The Curriculum (Ref: http://imtcsamba.hct.ac.ae/gened/english/MissionStatement.html) 

“The role of the English curriculum is therefore a complex and 
crucial one, addressing far wider needs than the purely linguistic. 

The English Language curriculum is designed to meet the aims of 
the mission statement. The starting point of the curriculum is the 
assessment of student needs and employer requirements in relation 
to those aims. Student English language needs are assessed by 
administering the English Diagnostic Assessment on entry to the 
HCT. Employer English language needs are monitored by surveys 
and feedback from employers.

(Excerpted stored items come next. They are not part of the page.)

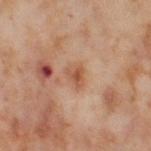Part of a total-body skin-imaging series; this lesion was reviewed on a skin check and was not flagged for biopsy. This image is a 15 mm lesion crop taken from a total-body photograph. Longest diameter approximately 2.5 mm. This is a cross-polarized tile. The subject is a female aged 53–57. From the right thigh.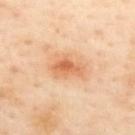biopsy status: catalogued during a skin exam; not biopsied
location: the upper back
lighting: cross-polarized illumination
patient: female, aged approximately 40
lesion size: ≈4 mm
automated lesion analysis: a lesion–skin lightness drop of about 11 and a lesion-to-skin contrast of about 7 (normalized; higher = more distinct); border irregularity of about 4 on a 0–10 scale
imaging modality: 15 mm crop, total-body photography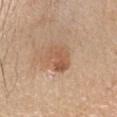{
  "biopsy_status": "not biopsied; imaged during a skin examination",
  "site": "head or neck",
  "patient": {
    "sex": "male",
    "age_approx": 40
  },
  "lighting": "white-light",
  "lesion_size": {
    "long_diameter_mm_approx": 4.0
  },
  "image": {
    "source": "total-body photography crop",
    "field_of_view_mm": 15
  }
}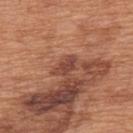The lesion was photographed on a routine skin check and not biopsied; there is no pathology result. About 3 mm across. On the upper back. A region of skin cropped from a whole-body photographic capture, roughly 15 mm wide. This is a white-light tile. The subject is a male in their mid- to late 60s.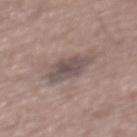{
  "biopsy_status": "not biopsied; imaged during a skin examination",
  "patient": {
    "sex": "male",
    "age_approx": 60
  },
  "lighting": "white-light",
  "site": "upper back",
  "automated_metrics": {
    "vs_skin_darker_L": 9.0,
    "vs_skin_contrast_norm": 7.5
  },
  "lesion_size": {
    "long_diameter_mm_approx": 4.5
  },
  "image": {
    "source": "total-body photography crop",
    "field_of_view_mm": 15
  }
}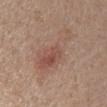Q: Was this lesion biopsied?
A: catalogued during a skin exam; not biopsied
Q: How was this image acquired?
A: total-body-photography crop, ~15 mm field of view
Q: How was the tile lit?
A: white-light
Q: What is the lesion's diameter?
A: ≈8 mm
Q: Lesion location?
A: the arm
Q: Who is the patient?
A: male, roughly 55 years of age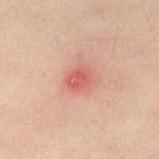  biopsy_status: not biopsied; imaged during a skin examination
  lesion_size:
    long_diameter_mm_approx: 2.5
  image:
    source: total-body photography crop
    field_of_view_mm: 15
  site: left lower leg
  lighting: cross-polarized
  automated_metrics:
    cielab_L: 46
    cielab_a: 26
    cielab_b: 24
    vs_skin_contrast_norm: 6.5
    color_variation_0_10: 1.5
    peripheral_color_asymmetry: 0.5
  patient:
    sex: female
    age_approx: 30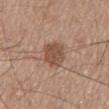Impression: Imaged during a routine full-body skin examination; the lesion was not biopsied and no histopathology is available. Clinical summary: Cropped from a total-body skin-imaging series; the visible field is about 15 mm. From the mid back. Imaged with white-light lighting. The patient is a male in their mid- to late 60s. About 4 mm across. The lesion-visualizer software estimated an area of roughly 8.5 mm², an eccentricity of roughly 0.75, and a symmetry-axis asymmetry near 0.2. It also reported a nevus-likeness score of about 65/100.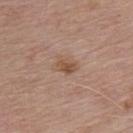Case summary:
• follow-up: catalogued during a skin exam; not biopsied
• illumination: white-light
• patient: male, aged approximately 70
• TBP lesion metrics: a lesion area of about 3.5 mm² and a shape eccentricity near 0.7; an average lesion color of about L≈51 a*≈19 b*≈29 (CIELAB), a lesion–skin lightness drop of about 9, and a normalized border contrast of about 7.5; border irregularity of about 2 on a 0–10 scale, internal color variation of about 2.5 on a 0–10 scale, and peripheral color asymmetry of about 1
• site: the chest
• image source: 15 mm crop, total-body photography
• size: ~2.5 mm (longest diameter)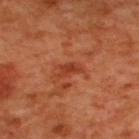The subject is a male approximately 50 years of age.
Longest diameter approximately 3 mm.
Captured under cross-polarized illumination.
An algorithmic analysis of the crop reported a within-lesion color-variation index near 1.5/10 and peripheral color asymmetry of about 0.5. And it measured a nevus-likeness score of about 0/100 and a lesion-detection confidence of about 100/100.
Located on the upper back.
A 15 mm close-up extracted from a 3D total-body photography capture.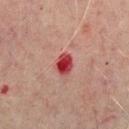image: ~15 mm tile from a whole-body skin photo | automated metrics: an area of roughly 5 mm² and two-axis asymmetry of about 0.25; a lesion color around L≈36 a*≈34 b*≈23 in CIELAB, roughly 14 lightness units darker than nearby skin, and a lesion-to-skin contrast of about 11.5 (normalized; higher = more distinct); a classifier nevus-likeness of about 0/100 and a detector confidence of about 100 out of 100 that the crop contains a lesion | lesion size: ≈3 mm | body site: the mid back | subject: male, aged approximately 70 | illumination: cross-polarized.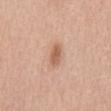Assessment:
Imaged during a routine full-body skin examination; the lesion was not biopsied and no histopathology is available.
Context:
Located on the abdomen. The tile uses white-light illumination. About 3 mm across. A close-up tile cropped from a whole-body skin photograph, about 15 mm across. The subject is a male aged approximately 75. The total-body-photography lesion software estimated an average lesion color of about L≈60 a*≈22 b*≈32 (CIELAB) and a lesion-to-skin contrast of about 7 (normalized; higher = more distinct). The software also gave border irregularity of about 1.5 on a 0–10 scale, internal color variation of about 2.5 on a 0–10 scale, and peripheral color asymmetry of about 1. The software also gave a classifier nevus-likeness of about 80/100 and a lesion-detection confidence of about 100/100.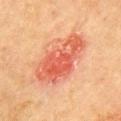A 15 mm close-up extracted from a 3D total-body photography capture. The tile uses cross-polarized illumination. The subject is a female aged 78 to 82. On the arm. Measured at roughly 7 mm in maximum diameter. Automated tile analysis of the lesion measured an eccentricity of roughly 0.85. It also reported an automated nevus-likeness rating near 30 out of 100.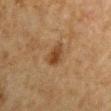| field | value |
|---|---|
| workup | catalogued during a skin exam; not biopsied |
| size | ≈3.5 mm |
| imaging modality | total-body-photography crop, ~15 mm field of view |
| body site | the arm |
| subject | male, about 50 years old |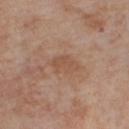workup=total-body-photography surveillance lesion; no biopsy
subject=female, in their mid- to late 50s
anatomic site=the right thigh
acquisition=~15 mm crop, total-body skin-cancer survey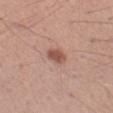biopsy_status: not biopsied; imaged during a skin examination
lesion_size:
  long_diameter_mm_approx: 2.5
lighting: white-light
image:
  source: total-body photography crop
  field_of_view_mm: 15
patient:
  sex: male
  age_approx: 45
site: left forearm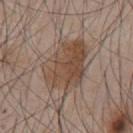Findings:
– follow-up · no biopsy performed (imaged during a skin exam)
– patient · male, aged approximately 45
– TBP lesion metrics · an average lesion color of about L≈47 a*≈15 b*≈26 (CIELAB), about 9 CIELAB-L* units darker than the surrounding skin, and a normalized lesion–skin contrast near 7.5; a border-irregularity index near 3.5/10
– imaging modality · ~15 mm crop, total-body skin-cancer survey
– lighting · white-light
– site · the chest
– diameter · ~7 mm (longest diameter)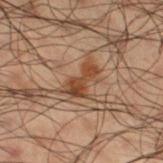Assessment:
The lesion was photographed on a routine skin check and not biopsied; there is no pathology result.
Acquisition and patient details:
This is a cross-polarized tile. A close-up tile cropped from a whole-body skin photograph, about 15 mm across. From the right thigh. A male subject, aged approximately 50.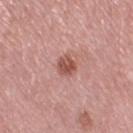The lesion's longest dimension is about 2.5 mm. A close-up tile cropped from a whole-body skin photograph, about 15 mm across. Imaged with white-light lighting. From the leg. A female patient aged 68 to 72. Automated image analysis of the tile measured an area of roughly 4.5 mm² and two-axis asymmetry of about 0.15. The software also gave a lesion–skin lightness drop of about 12 and a lesion-to-skin contrast of about 8.5 (normalized; higher = more distinct). The software also gave a border-irregularity rating of about 1.5/10, a within-lesion color-variation index near 3/10, and a peripheral color-asymmetry measure near 1.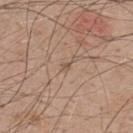tile lighting: white-light illumination
acquisition: total-body-photography crop, ~15 mm field of view
lesion diameter: ≈1 mm
image-analysis metrics: an eccentricity of roughly 0.55 and a shape-asymmetry score of about 0.5 (0 = symmetric); a lesion color around L≈53 a*≈16 b*≈29 in CIELAB and a lesion–skin lightness drop of about 8
subject: male, aged 48 to 52
site: the upper back

The process results in a skills based 
curriculum where student language proficiency is described in 
terms of performance outcomes. 

Graduates of the Certificate program can initiate and sustain 
conversations on everyday topics. They are able to process and 
exchange simple written information in routine everyday personal 
and workplace situations. 

Graduates of the Diploma program can communicate orally on a 
range of familiar vocational and social topics. They are able to 
process and exchange straightforward written information in a 
wider range of familiar personal and workplace situations. 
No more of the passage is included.